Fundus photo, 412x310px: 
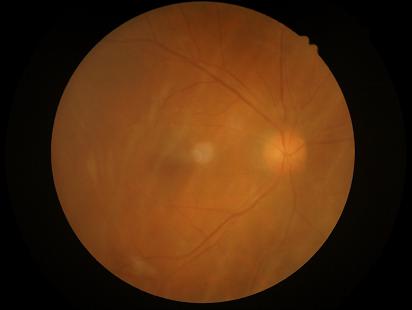 {
  "clarity": "noticeable blur in the optic disc, vessels, or background",
  "contrast": "wide intensity range, structures distinguishable",
  "illumination": "uniform, no color cast",
  "overall_quality": "poor, ungradable"
}

[DIRECTIONS]: With the images excluded, all entries are to be given again exactly.

[ANSWER BOX]:
Fundus photo, 412x310px: 
 {
  "clarity": "noticeable blur in the optic disc, vessels, or background",
  "contrast": "wide intensity range, structures distinguishable",
  "illumination": "uniform, no color cast",
  "overall_quality": "poor, ungradable"
}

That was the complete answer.